Unit 1: Protein structure Flashcards
What is the primary structure of a protein ?
The individual amino acid sequence
What is the secondary structure of a protein ?
The spatial arrangement of a polypeptides backbone. e.g a-helix and b-pleated sheets
What is the tertiary structure of a protein ?
The three dimensional structure of the entire polypeptide chain
What is the quaternary structure of a protein ?
How polypeptide chains fit together to form a protein
Within a polypeptide chain, what are individual amino acids referred to as ?
Residues
How many amino acids need to be present for a polypeptide to be referred to as a protein ?
Over 50
What enzyme is used to catalyse the formation of a peptide bond ?
Peptidyl transferase
The peptide bond is polar, what does this mean ?
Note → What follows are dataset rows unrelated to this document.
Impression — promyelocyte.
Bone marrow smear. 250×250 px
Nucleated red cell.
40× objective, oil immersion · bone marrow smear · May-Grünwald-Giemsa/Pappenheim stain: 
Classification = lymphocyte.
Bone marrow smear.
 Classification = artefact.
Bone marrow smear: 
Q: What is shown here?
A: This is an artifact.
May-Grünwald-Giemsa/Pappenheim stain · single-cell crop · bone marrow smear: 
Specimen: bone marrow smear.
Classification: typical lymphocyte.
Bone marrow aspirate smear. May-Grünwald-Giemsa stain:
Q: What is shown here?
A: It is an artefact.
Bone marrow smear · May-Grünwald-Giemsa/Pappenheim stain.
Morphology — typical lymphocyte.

That the spatial arrangement of atoms is fixed and the bonds cannot rotate/ spin
What are the only 2 bonds that can rotate in a polypeptide ?
- C-NH
- C-C
What bonds are needed for primary structure of proteins ?
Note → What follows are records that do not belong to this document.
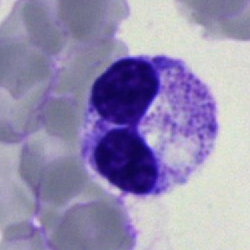
Q: What type of cell is this?
A: This is a segmented neutrophil.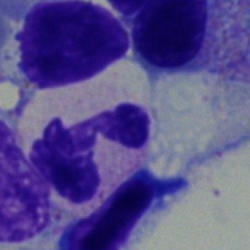
Q: Identify the cell.
A: Neutrophil (segmented).
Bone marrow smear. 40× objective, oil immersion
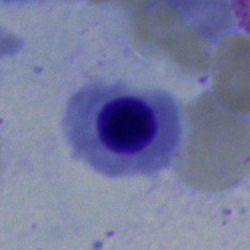
A nucleated red cell.
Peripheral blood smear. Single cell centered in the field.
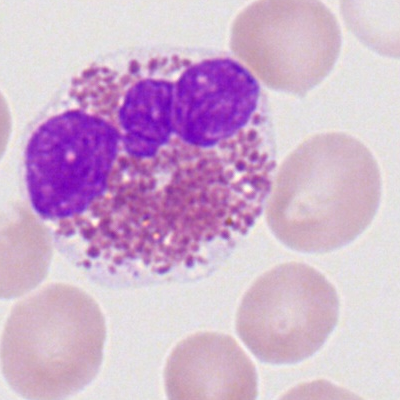

The cell shown is an eosinophilic granulocyte.

Covalent bonds maintain the primary structure
What bonds are needed for the secondary structure of proteins ?
Hydrogen bonds maintain the secondary structure
What 3 bonds are needed for the tertiary structure of proteins ?
- Hydrophobic
- Van der Waals
- Electrostatic bonds
What 2 bonds are needed for the quaternary structure of proteins ?
- Van der Waals
- Electrostatic bonds
What is the a-helix referred to as and what direction do the hydrogen bonds run in ?
- Twisted sheet
- H bonds run parallel to the helix axis
What is the b-sheet referred to as and what direction do the hydrogen bonds run in ?
- Flat sheet
- H bonds run perpendicular to chain direction
What are r groups and where are they found ?
- R groups influence the way proteins interact with other proteins and the environment
- R groups are pointed outward but are not used in the helix structure
What are the 2 types of b-sheet ?
- Anti parallel
- Parallel
What direction do bonds run in a parallel b-sheet ?
- All same direction
- All downwards
What direction do bonds run in an antiparallel b-sheet ?
- Alternate directions
- Down, Up, Down, Up
What are some characteristics of non polar amino acids ?
- They have very oily side chains
- Important interactions with environment
What is one characteristic of a polar amino acid ?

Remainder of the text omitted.